=== Problem requirements ===
Copy down every line of the data that follows exactly. Omit the pictures.

[Saved data entries]
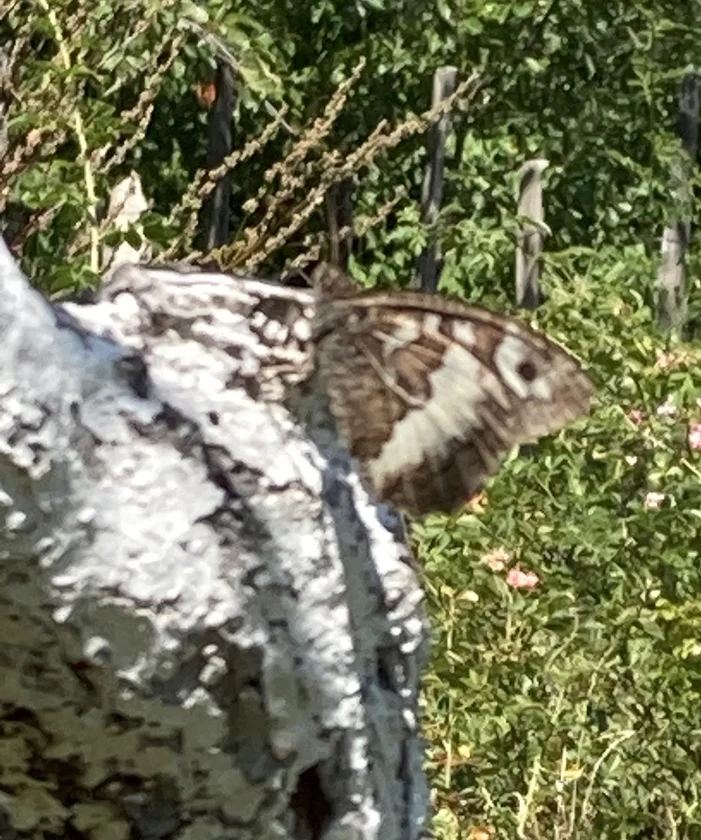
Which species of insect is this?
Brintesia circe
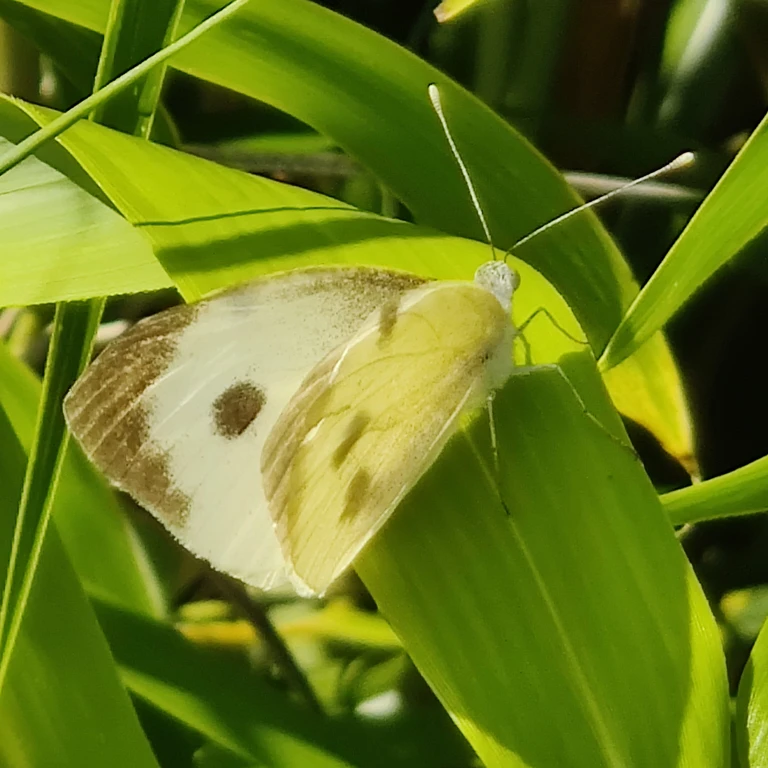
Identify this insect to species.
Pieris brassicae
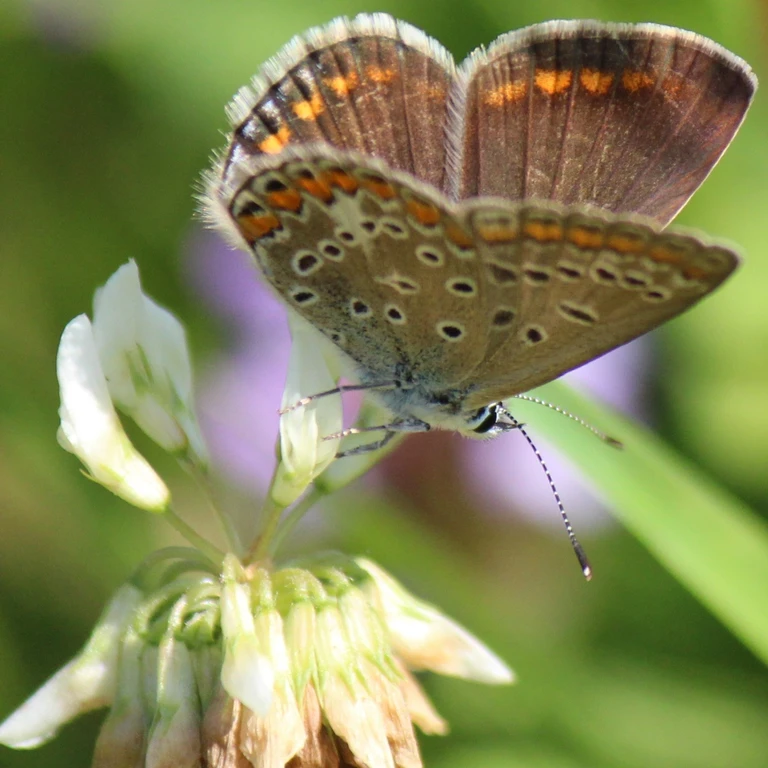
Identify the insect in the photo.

=== Exercise output ===
Which species of insect is this?
Brintesia circe
Identify this insect to species.
Pieris brassicae
Identify the insect in the photo.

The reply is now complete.